━━ Task inputs

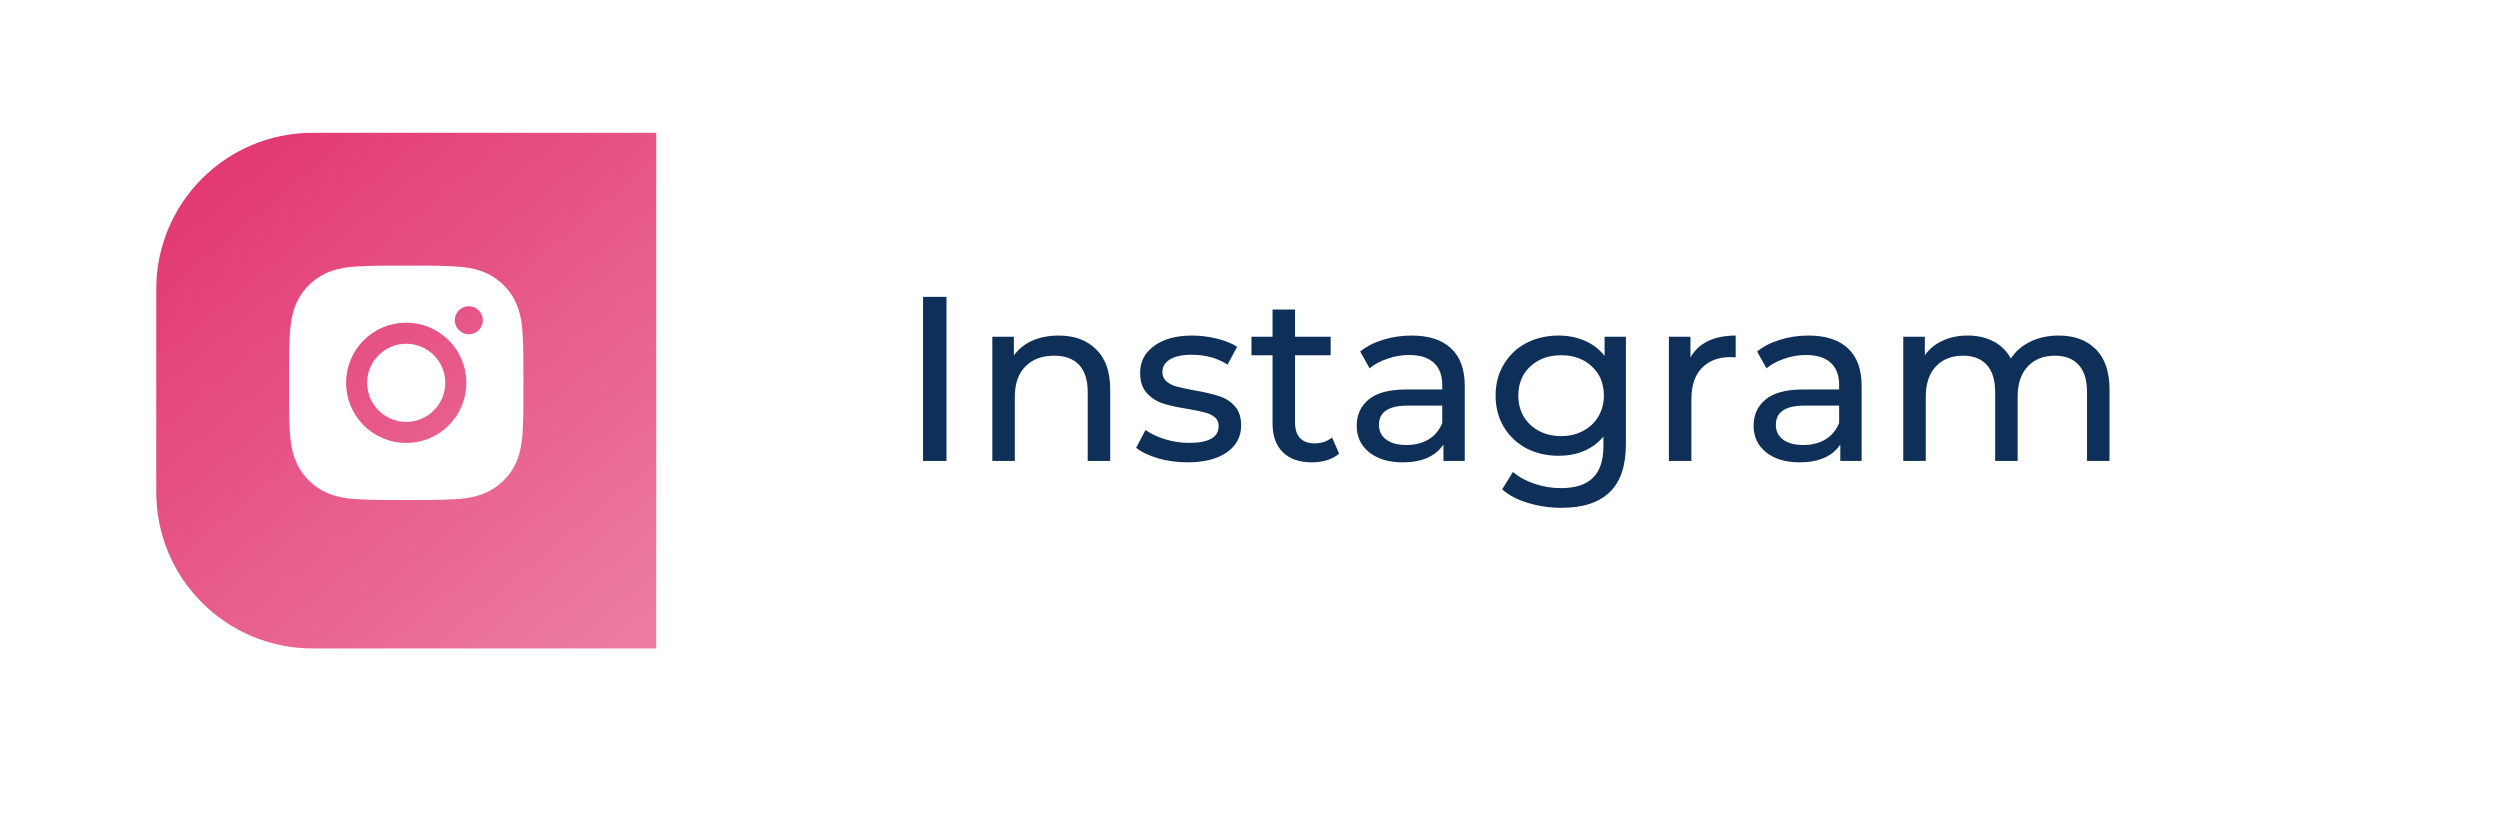 <svg width="320" height="106" viewBox="0 0 320 106" fill="none" xmlns="http://www.w3.org/2000/svg">
<g filter="url(#filter0_d)">
<rect x="20" y="16" width="280" height="66" rx="20" fill="white"/>
</g>
<g filter="url(#filter1_ii)">
<path d="M20 37C20 25.954 28.954 17 40 17H84V83H40C28.954 83 20 74.046 20 63V37Z" fill="url(#paint0_linear)"/>
</g>
<path d="M118.15 38H121.15V59H118.15V38ZM135.507 42.95C137.527 42.95 139.127 43.54 140.307 44.72C141.507 45.88 142.107 47.59 142.107 49.85V59H139.227V50.18C139.227 48.64 138.857 47.48 138.117 46.7C137.377 45.92 136.317 45.53 134.937 45.53C133.377 45.53 132.147 45.99 131.247 46.91C130.347 47.81 129.897 49.11 129.897 50.81V59H127.017V43.1H129.777V45.5C130.357 44.68 131.137 44.05 132.117 43.61C133.117 43.17 134.247 42.95 135.507 42.95ZM151.997 59.18C150.697 59.18 149.447 59.01 148.247 58.67C147.047 58.31 146.107 57.86 145.427 57.32L146.627 55.04C147.327 55.54 148.177 55.94 149.177 56.24C150.177 56.54 151.187 56.69 152.207 56.69C154.727 56.69 155.987 55.97 155.987 54.53C155.987 54.05 155.817 53.67 155.477 53.39C155.137 53.11 154.707 52.91 154.187 52.79C153.687 52.65 152.967 52.5 152.027 52.34C150.747 52.14 149.697 51.91 148.877 51.65C148.077 51.39 147.387 50.95 146.807 50.33C146.227 49.71 145.937 48.84 145.937 47.72C145.937 46.28 146.537 45.13 147.737 44.27C148.937 43.39 150.547 42.95 152.567 42.95C153.627 42.95 154.687 43.08 155.747 43.34C156.807 43.6 157.677 43.95 158.357 44.39L157.127 46.67C155.827 45.83 154.297 45.41 152.537 45.41C151.317 45.41 150.387 45.61 149.747 46.01C149.107 46.41 148.787 46.94 148.787 47.6C148.787 48.12 148.967 48.53 149.327 48.83C149.687 49.13 150.127 49.35 150.647 49.49C151.187 49.63 151.937 49.79 152.897 49.97C154.177 50.19 155.207 50.43 155.987 50.69C156.787 50.93 157.467 51.35 158.027 51.95C158.587 52.55 158.867 53.39 158.867 54.47C158.867 55.91 158.247 57.06 157.007 57.92C155.787 58.76 154.117 59.18 151.997 59.18ZM171.406 58.07C170.986 58.43 170.466 58.71 169.846 58.91C169.226 59.09 168.586 59.18 167.926 59.18C166.326 59.18 165.086 58.75 164.206 57.89C163.326 57.03 162.886 55.8 162.886 54.2V45.47H160.186V43.1H162.886V39.62H165.766V43.1H170.326V45.47H165.766V54.08C165.766 54.94 165.976 55.6 166.396 56.06C166.836 56.52 167.456 56.75 168.256 56.75C169.136 56.75 169.886 56.5 170.506 56L171.406 58.07ZM180.678 42.95C182.878 42.95 184.558 43.49 185.718 44.57C186.898 45.65 187.488 47.26 187.488 49.4V59H184.758V56.9C184.278 57.64 183.588 58.21 182.688 58.61C181.808 58.99 180.758 59.18 179.538 59.18C177.758 59.18 176.328 58.75 175.248 57.89C174.188 57.03 173.658 55.9 173.658 54.5C173.658 53.1 174.168 51.98 175.188 51.14C176.208 50.28 177.828 49.85 180.048 49.85H184.608V49.28C184.608 48.04 184.248 47.09 183.528 46.43C182.808 45.77 181.748 45.44 180.348 45.44C179.408 45.44 178.488 45.6 177.588 45.92C176.688 46.22 175.928 46.63 175.308 47.15L174.108 44.99C174.928 44.33 175.908 43.83 177.048 43.49C178.188 43.13 179.398 42.95 180.678 42.95ZM180.018 56.96C181.118 56.96 182.068 56.72 182.868 56.24C183.668 55.74 184.248 55.04 184.608 54.14V51.92H180.168C177.728 51.92 176.508 52.74 176.508 54.38C176.508 55.18 176.818 55.81 177.438 56.27C178.058 56.73 178.918 56.96 180.018 56.96ZM208.116 43.1V56.84C208.116 59.62 207.426 61.67 206.046 62.99C204.666 64.33 202.606 65 199.866 65C198.366 65 196.936 64.79 195.576 64.37C194.216 63.97 193.116 63.39 192.276 62.63L193.656 60.41C194.396 61.05 195.306 61.55 196.386 61.91C197.486 62.29 198.616 62.48 199.776 62.48C201.636 62.48 203.006 62.04 203.886 61.16C204.786 60.28 205.236 58.94 205.236 57.14V55.88C204.556 56.7 203.716 57.32 202.716 57.74C201.736 58.14 200.666 58.34 199.506 58.34C197.986 58.34 196.606 58.02 195.366 57.38C194.146 56.72 193.186 55.81 192.486 54.65C191.786 53.47 191.436 52.13 191.436 50.63C191.436 49.13 191.786 47.8 192.486 46.64C193.186 45.46 194.146 44.55 195.366 43.91C196.606 43.27 197.986 42.95 199.506 42.95C200.706 42.95 201.816 43.17 202.836 43.61C203.876 44.05 204.726 44.7 205.386 45.56V43.1H208.116ZM199.836 55.82C200.876 55.82 201.806 55.6 202.626 55.16C203.466 54.72 204.116 54.11 204.576 53.33C205.056 52.53 205.296 51.63 205.296 50.63C205.296 49.09 204.786 47.85 203.766 46.91C202.746 45.95 201.436 45.47 199.836 45.47C198.216 45.47 196.896 45.95 195.876 46.91C194.856 47.85 194.346 49.09 194.346 50.63C194.346 51.63 194.576 52.53 195.036 53.33C195.516 54.11 196.166 54.72 196.986 55.16C197.826 55.6 198.776 55.82 199.836 55.82ZM216.379 45.77C216.879 44.85 217.619 44.15 218.599 43.67C219.579 43.19 220.769 42.95 222.169 42.95V45.74C222.009 45.72 221.789 45.71 221.509 45.71C219.949 45.71 218.719 46.18 217.819 47.12C216.939 48.04 216.499 49.36 216.499 51.08V59H213.619V43.1H216.379V45.77ZM231.479 42.95C233.679 42.95 235.359 43.49 236.519 44.57C237.699 45.65 238.289 47.26 238.289 49.4V59H235.559V56.9C235.079 57.64 234.389 58.21 233.489 58.61C232.609 58.99 231.559 59.18 230.339 59.18C228.559 59.18 227.129 58.75 226.049 57.89C224.989 57.03 224.459 55.9 224.459 54.5C224.459 53.1 224.969 51.98 225.989 51.14C227.009 50.28 228.629 49.85 230.849 49.85H235.409V49.28C235.409 48.04 235.049 47.09 234.329 46.43C233.609 45.77 232.549 45.44 231.149 45.44C230.209 45.44 229.289 45.6 228.389 45.92C227.489 46.22 226.729 46.63 226.109 47.15L224.909 44.99C225.729 44.33 226.709 43.83 227.849 43.49C228.989 43.13 230.199 42.95 231.479 42.95ZM230.819 56.96C231.919 56.96 232.869 56.72 233.669 56.24C234.469 55.74 235.049 55.04 235.409 54.14V51.92H230.969C228.529 51.92 227.309 52.74 227.309 54.38C227.309 55.18 227.619 55.81 228.239 56.27C228.859 56.73 229.719 56.96 230.819 56.96ZM263.509 42.95C265.509 42.95 267.089 43.53 268.249 44.69C269.429 45.85 270.019 47.57 270.019 49.85V59H267.139V50.18C267.139 48.64 266.779 47.48 266.059 46.7C265.359 45.92 264.349 45.53 263.029 45.53C261.569 45.53 260.409 45.99 259.549 46.91C258.689 47.81 258.259 49.11 258.259 50.81V59H255.379V50.18C255.379 48.64 255.019 47.48 254.299 46.7C253.599 45.92 252.589 45.53 251.269 45.53C249.809 45.53 248.649 45.99 247.789 46.91C246.929 47.81 246.499 49.11 246.499 50.81V59H243.619V43.1H246.379V45.47C246.959 44.65 247.719 44.03 248.659 43.61C249.599 43.17 250.669 42.95 251.869 42.95C253.109 42.95 254.209 43.2 255.169 43.7C256.129 44.2 256.869 44.93 257.389 45.89C257.989 44.97 258.819 44.25 259.879 43.73C260.959 43.21 262.169 42.95 263.509 42.95Z" fill="#0E3058"/>
<path d="M51.996 43.998C49.242 43.998 46.994 46.246 46.994 49C46.994 51.754 49.242 54.002 51.996 54.002C54.75 54.002 56.998 51.754 56.998 49C56.998 46.246 54.75 43.998 51.996 43.998ZM66.998 49C66.998 46.929 67.017 44.876 66.901 42.808C66.784 40.407 66.237 38.275 64.48 36.519C62.721 34.759 60.593 34.215 58.191 34.099C56.12 33.982 54.067 34.001 52 34.001C49.928 34.001 47.876 33.982 45.808 34.099C43.407 34.215 41.275 34.763 39.519 36.519C37.759 38.279 37.215 40.407 37.099 42.808C36.982 44.88 37.001 46.932 37.001 49C37.001 51.068 36.982 53.124 37.099 55.192C37.215 57.593 37.763 59.725 39.519 61.481C41.279 63.241 43.407 63.785 45.808 63.901C47.88 64.018 49.932 63.999 52 63.999C54.071 63.999 56.124 64.018 58.191 63.901C60.593 63.785 62.724 63.237 64.48 61.481C66.24 59.721 66.784 57.593 66.901 55.192C67.021 53.124 66.998 51.071 66.998 49ZM51.996 56.696C47.737 56.696 44.3 53.259 44.3 49C44.3 44.741 47.737 41.303 51.996 41.303C56.255 41.303 59.692 44.741 59.692 49C59.692 53.259 56.255 56.696 51.996 56.696ZM60.008 42.786C59.013 42.786 58.21 41.983 58.21 40.988C58.21 39.994 59.013 39.191 60.008 39.191C61.002 39.191 61.805 39.994 61.805 40.988C61.805 41.224 61.759 41.458 61.669 41.676C61.578 41.895 61.446 42.093 61.279 42.26C61.112 42.427 60.914 42.559 60.696 42.65C60.477 42.74 60.244 42.786 60.008 42.786Z" fill="white"/>
<defs>
<filter id="filter0_d" x="0" y="0" width="320" height="106" filterUnits="userSpaceOnUse" color-interpolation-filters="sRGB">
<feFlood flood-opacity="0" result="BackgroundImageFix"/>
<feColorMatrix in="SourceAlpha" type="matrix" values="0 0 0 0 0 0 0 0 0 0 0 0 0 0 0 0 0 0 127 0"/>
<feOffset dy="4"/>
<feGaussianBlur stdDeviation="10"/>
<feColorMatrix type="matrix" values="0 0 0 0 0 0 0 0 0 0 0 0 0 0 0 0 0 0 0.2 0"/>
<feBlend mode="normal" in2="BackgroundImageFix" result="effect1_dropShadow"/>
<feBlend mode="normal" in="SourceGraphic" in2="effect1_dropShadow" result="shape"/>
</filter>
<filter id="filter1_ii" x="16" y="13" width="72" height="74" filterUnits="userSpaceOnUse" color-interpolation-filters="sRGB">
<feFlood flood-opacity="0" result="BackgroundImageFix"/>
<feBlend mode="normal" in="SourceGraphic" in2="BackgroundImageFix" result="shape"/>
<feColorMatrix in="SourceAlpha" type="matrix" values="0 0 0 0 0 0 0 0 0 0 0 0 0 0 0 0 0 0 127 0" result="hardAlpha"/>
<feOffset dx="4" dy="4"/>
<feGaussianBlur stdDeviation="2"/>
<feComposite in2="hardAlpha" operator="arithmetic" k2="-1" k3="1"/>
<feColorMatrix type="matrix" values="0 0 0 0 1 0 0 0 0 0.416 0 0 0 0 0.651 0 0 0 1 0"/>
<feBlend mode="normal" in2="shape" result="effect1_innerShadow"/>
<feColorMatrix in="SourceAlpha" type="matrix" values="0 0 0 0 0 0 0 0 0 0 0 0 0 0 0 0 0 0 127 0" result="hardAlpha"/>
<feOffset dx="-4" dy="-4"/>
<feGaussianBlur stdDeviation="2"/>
<feComposite in2="hardAlpha" operator="arithmetic" k2="-1" k3="1"/>
<feColorMatrix type="matrix" values="0 0 0 0 0.8 0 0 0 0 0.106 0 0 0 0 0.341 0 0 0 0.5 0"/>
<feBlend mode="normal" in2="effect1_innerShadow" result="effect2_innerShadow"/>
</filter>
<linearGradient id="paint0_linear" x1="16.098" y1="17" x2="73.635" y2="85.987" gradientUnits="userSpaceOnUse">
<stop stop-color="#E1306C"/>
<stop offset="1" stop-color="#E1306C" stop-opacity="0.64"/>
</linearGradient>
</defs>
</svg>

━━━━

Your task >>
Reproduce exactly the stretch of lines that starts at the one containing "0 0 0 0.416" and ends with the final line of the data, including both ends and nothing more.

Output >>
<feColorMatrix type="matrix" values="0 0 0 0 1 0 0 0 0 0.416 0 0 0 0 0.651 0 0 0 1 0"/>
<feBlend mode="normal" in2="shape" result="effect1_innerShadow"/>
<feColorMatrix in="SourceAlpha" type="matrix" values="0 0 0 0 0 0 0 0 0 0 0 0 0 0 0 0 0 0 127 0" result="hardAlpha"/>
<feOffset dx="-4" dy="-4"/>
<feGaussianBlur stdDeviation="2"/>
<feComposite in2="hardAlpha" operator="arithmetic" k2="-1" k3="1"/>
<feColorMatrix type="matrix" values="0 0 0 0 0.8 0 0 0 0 0.106 0 0 0 0 0.341 0 0 0 0.5 0"/>
<feBlend mode="normal" in2="effect1_innerShadow" result="effect2_innerShadow"/>
</filter>
<linearGradient id="paint0_linear" x1="16.098" y1="17" x2="73.635" y2="85.987" gradientUnits="userSpaceOnUse">
<stop stop-color="#E1306C"/>
<stop offset="1" stop-color="#E1306C" stop-opacity="0.64"/>
</linearGradient>
</defs>
</svg>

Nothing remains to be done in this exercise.